The mechanism by which flow-dependent variances affect analysis was investigated through a single-observation experiment and a case study analysis for TC Saudel. The introduction of flow-dependent unbalanced variances can further strengthen the connection with the underlying flow and can describe the background error characteristics in more detail. They can make better use of the observations, that is, provide larger weight to observations near areas of enhanced uncertainties in the analysis. For active dynamical areas, such as that affected by TC, the contribution of the unbalanced background error variances to the total variances is higher for mass variables. The use of EDA variances of unbalanced variables also propagates flow-dependent information into the analysis increments, indicated by the anisotropic increments of Saudel. It is expected that the analysis will be further improved once the flow-dependent correlation information is used. Statistical results of a series of TC forecasting experiments verify the advantage of the full flow-dependent of control variable variances. Although there are differences across time, region, and TC, the EDA-based unbalanced variances can improve overall track and intensity forecasts. The track and intensity of TCs are determined by a combination of external forcing (e.g., guidance of large-scale circulation, the influence of approaching cyclones, etc.) and internal dynamical factors (e.g., convective asymmetry, vertical coupling of high and low-level vortices, etc.). The increase in the 500 hPa geopotential height forecast scores and the more realistic wind–pressure balance relationship indicates that the improved large-scale circulation forecast and the description of the dynamic balance between different variables are responsible for the improvement of track forecasting.
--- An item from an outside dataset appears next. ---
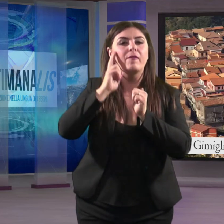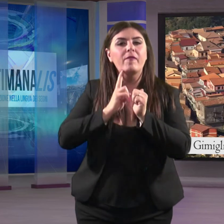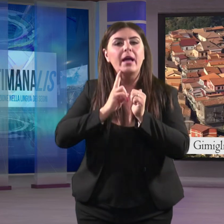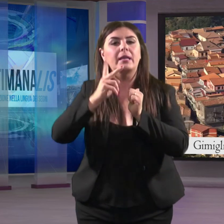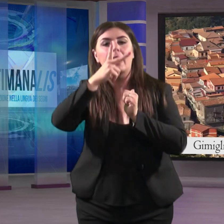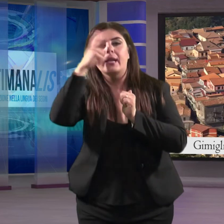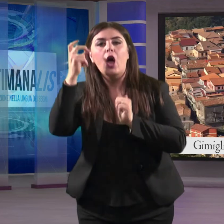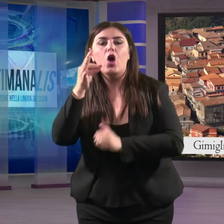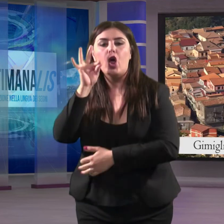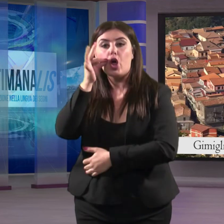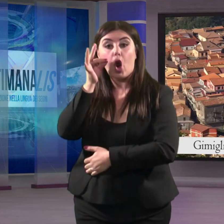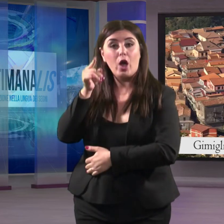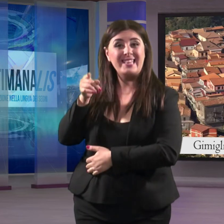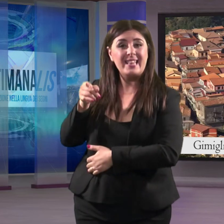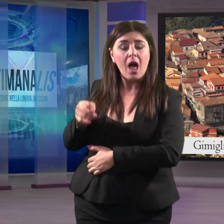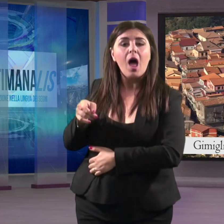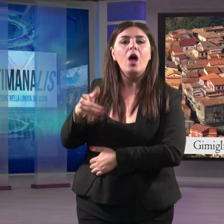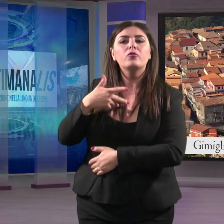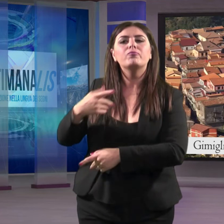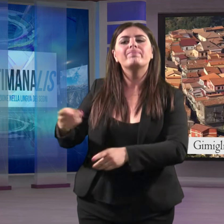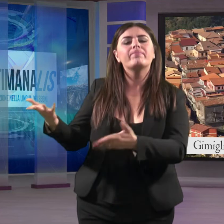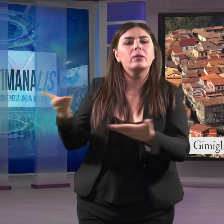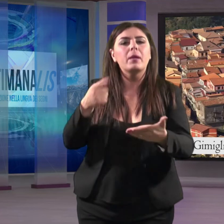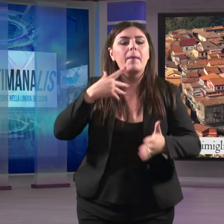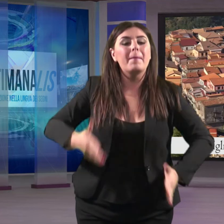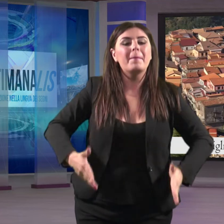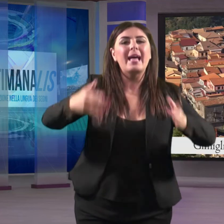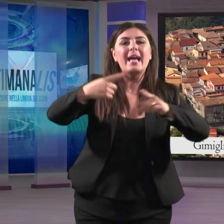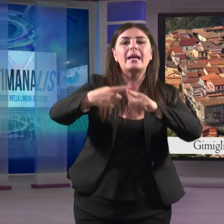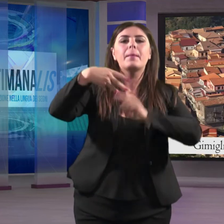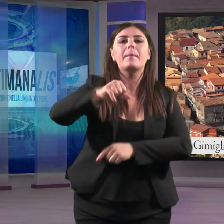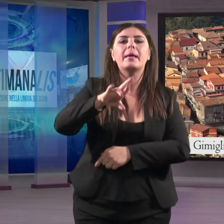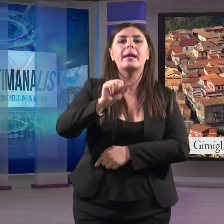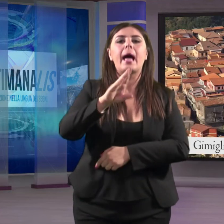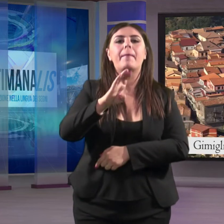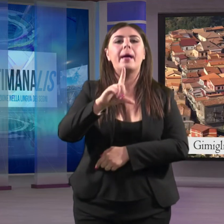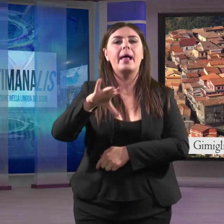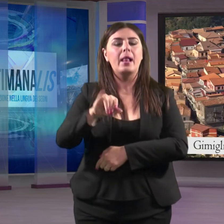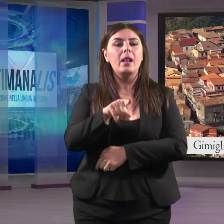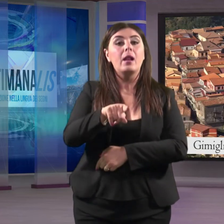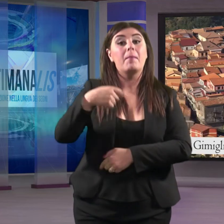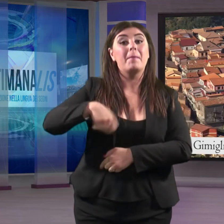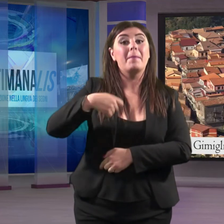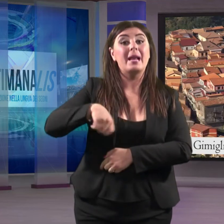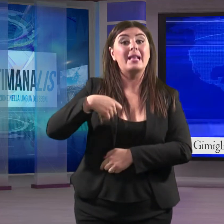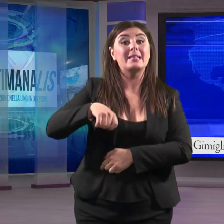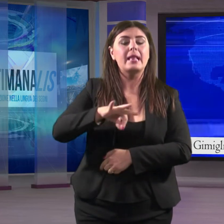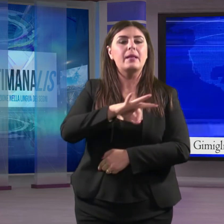sarà ospitato nell'ex Palazzo Mirabelli, di proprietà del Presidente Emerito della Corte Costituzionale,

Nevertheless, the global system’s description of the TC internal dynamics may not be fully accurate (due to resolution limitations), resulting in less pronounced intensity improvements than the track. Although more in-depth analysis is needed, these results are valuable in guiding the design of operational assimilation systems.
Furthermore, we found that the two experiments that introduced flow-dependent information did not accurately predict the strongest magnitude and temporal evolution of the ‘Saudel’ intensity (
Figure 7). To analyze whether it is the effect of the number of ensemble members, a single forecast for Saudel was performed using a 20-member ensemble (similar to
Section 4.1). However, increasing the ensemble members did not significantly improve the results (not shown). Next, we will diagnose these failed cases and identify possible causes to further improve the system. There are also some fluctuations in the “fall” experiment for different TC cases. It is worth analyzing the reasons for the different effects of different cases. Is it related to the intensity scale of the TC itself or the external environmental factors (e.g., sea surface temperature)?
We only assessed the effect of the variance of control variables, the correlation is also an important part of the background error covariance. A covariance model with full flow dependence needs to be evaluated to investigate the combined effect of flow-dependent variance and correlation. Finally, the main disadvantage of En4DVar is its high computational cost. Whether the gradient descent information (such as direction) of the previous member can be used to accelerate the solution algorithm of the next member based on the similarity of the minimization process of each ensemble member is also a direction worthy of further exploration.